There are operational differences from other job schedulers as follows.

  • It also checks whether the job manager is running when the Test Connection button is pressed.

  • The information displayed by the List Jobs button is the same as Job Manager, from the left: number, status, priority, number of cores, job name, start date/time, end date/time, and batch file.

  • If you want to cancel the job with the Delete Job button, enter the job name.

7.8. How to connect via HTTP proxy

To connect to a remote server via SSH through an HTTP proxy server, follow the steps below.

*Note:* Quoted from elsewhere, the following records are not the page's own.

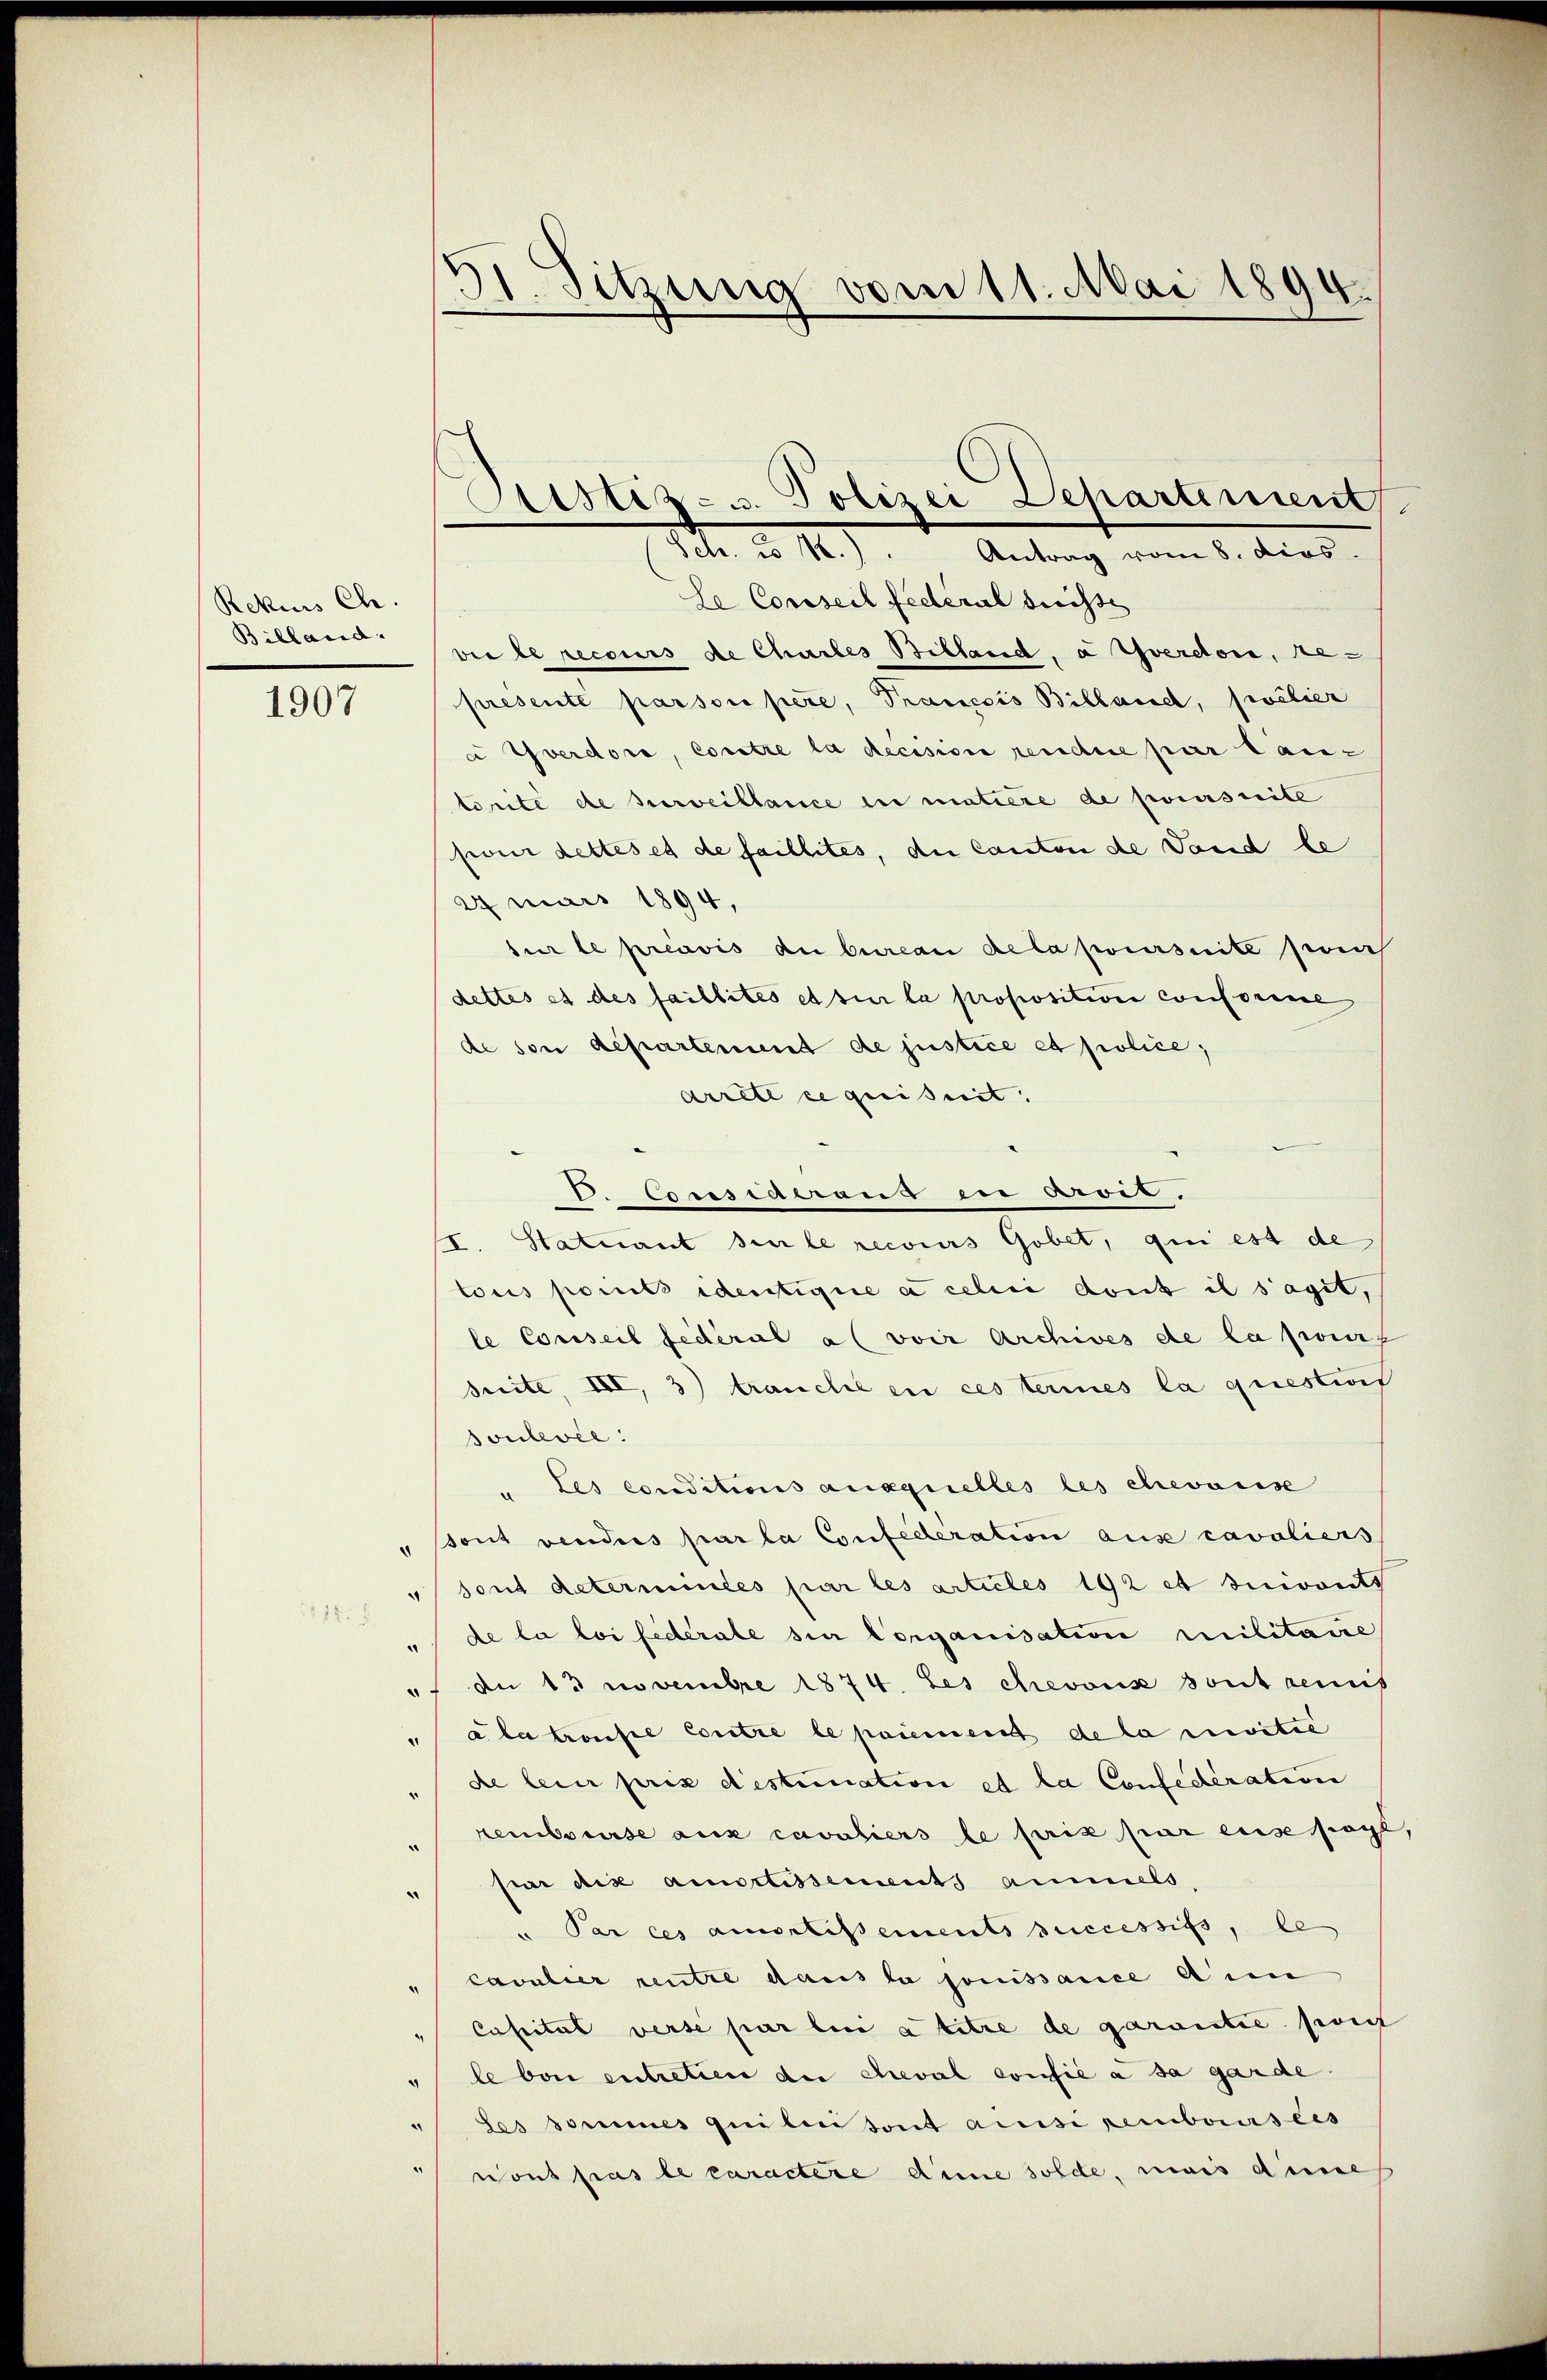
Rekurs Ch.
Billand.

1907

11. Sitzung vom 11. Mai 1894.

Se Conseil Federal dichte
ver le recours de Chartes Billand, a Spverdori, be-
presenté parson pere, Trancois Billand, sivelier
à Yverdore, Contre la decision rendire par tanz
torité de surveillance in matiere de poursuite
jour dettes et de faillites, die Canton de Vaud le
2mars 1894,
sur le préavis du bureau de la poursuite pour
dettes et des faillités et sur la proposition conforene
de von departement de justice et police,
arrete requisit.
.Coresideraus in Aris.
II. Statuant sie le recours Gobet, qui est de
tous points identique à celui dont il s’agit,
le Conseil fédéral al voir Archives de la pours
Seite, III, 3) trauche en ces terines la questiret
soulevée:
" Les conditions auxquelles les chevaux
" ont vendes parla Confederation aus cavaliers
"Sont determindes par les articles 192 et suivants
" de la loi federate sie Corganisation militaire
" an 13 novembre 1874. Les chevous sont remis
"ala konfte Contre le paiement de la moitie
de lein prix desteination et la Confederation
rembourse aux cavaliers le prix par eise sogl
.
" für die amortissements ammels,
" Par ces amortissements successiss, le
"Cavalier rentre dans la jouissance Ann
Capital verse par lui a titre de garantie port
"le von entretien de cheval confié à sa garde.
" des domines quiten sont acisi remboursees
nont pas le caractere dene solde, mais dene

Sistiz- u. Polizei Departement
Setr. u 12). Antrag vom 8. dies
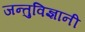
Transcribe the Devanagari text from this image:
जन्तुविज्ञानी
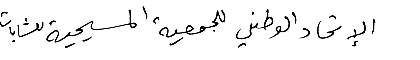
الإتحاد الوطني للجمعية المسيحية للشابات
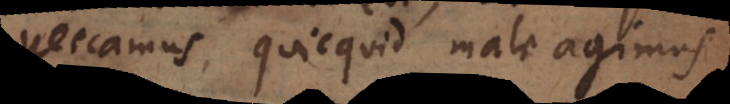
peccamus, quicquid male agimus.
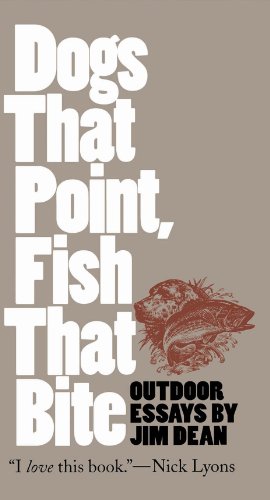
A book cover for Dogs That Point, Fish That Bite: Outdoor Essays (Chapel Hill Book); Jim Dean; Travel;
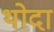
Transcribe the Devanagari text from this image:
थोदा
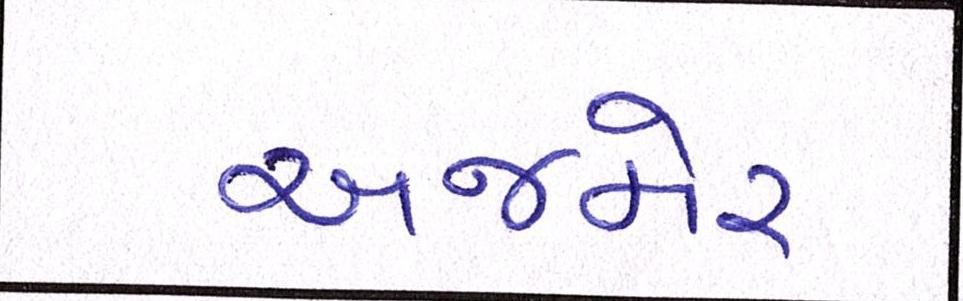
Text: અજમેર
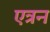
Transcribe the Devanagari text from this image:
एत्रन
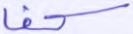
كف
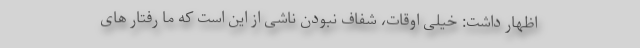
اظهار داشت: خیلی اوقات، شفاف نبودن ناشی از این است که ما رفتار های
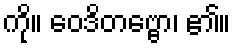
ကို။ ဝေဒိတဗ္ဗော၊ ၏။
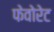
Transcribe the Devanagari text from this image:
फेवोरेट
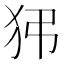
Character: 𤝠
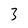
Character: 3
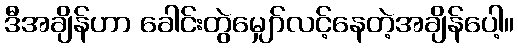
ဒီအချိန်ဟာ ခေါင်းတွဲမျှော်လင့်နေတဲ့အချိန်ပေါ့။
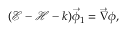
\begin{array} { r } { ( \mathcal { E } - \mathcal { H } - k ) \vec { \phi } _ { 1 } = \vec { \nabla } \phi , } \end{array}
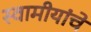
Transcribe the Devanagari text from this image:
स्वामीयांचे
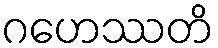
ဂဟေဿတိ
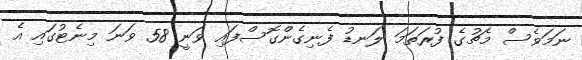
ނަމަވެސް މެޗުގެ ފުރަތަމަ ލަނޑު ފެނިގެންގޮސްފައި ވަނީ 58 ވަނަ މިނެޓުގައި އެ
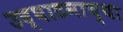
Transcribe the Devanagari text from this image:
उद्घाटनाच्या
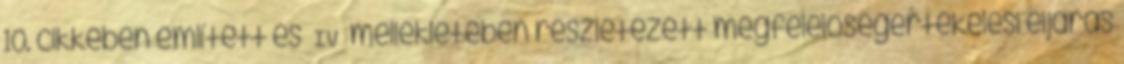
10. cikkében említett és IV mellékletében részletezett megfelelőségértékelési eljárás
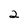
Character: 2
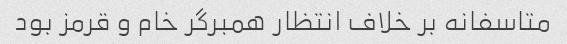
متاسفانه بر خلاف انتظار همبرگر خام و قرمز بود
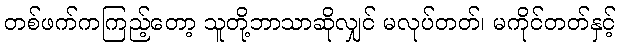
တစ်ဖက်ကကြည့်တော့ သူတို့ဘာသာဆိုလျှင် မလုပ်တတ်၊ မကိုင်တတ်နှင့်
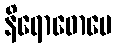
နိရောဓောပေ
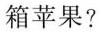
箱苹果?
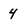
Character: 4
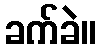
ခက်ခဲ။
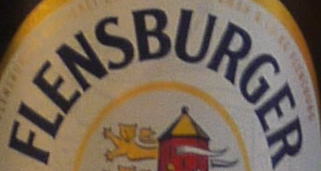
FLENSBURGER
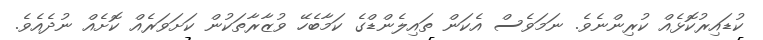
ކުޑައިރުކޮޅެއް ކުރިންނެވެ. ނަމަވެސް އެކަން ތައިލެންޑްގެ ކަމާބެހޭ ވުޒާރާތަކުން ކަށަވަރެއް ކޮށެއް ނުދެއެވެ.
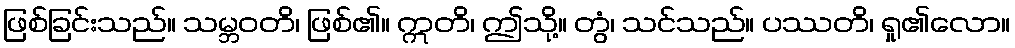
ဖြစ်ခြင်းသည်။ သမ္ဘဝတိ၊ ဖြစ်၏။ ဣတိ၊ ဤသို့။ တွံ၊ သင်သည်။ ပဿတိ၊ ရှု၏လော။

  • Tools ‣ Cygwin to start Cygwin.

  • Enter the command as shown below. Where REMOTE_SERVER, PROXY_HOST_NAME, PROXY_PORT, and USER_NAME should be replaced by the remote server name, proxy server name, proxy port number, and user name, respectively.

ssh -L1234:REMOTE_SERVER:22 -o “ProxyCommand connect-proxy -H PROXY_HOST_NAME:PROXY_PORT %h %p” USER_NAME@REMOTE_SERVER

  • With the above connection, set Host Name to localhost and Port to 1234 in the Edit Profile screen.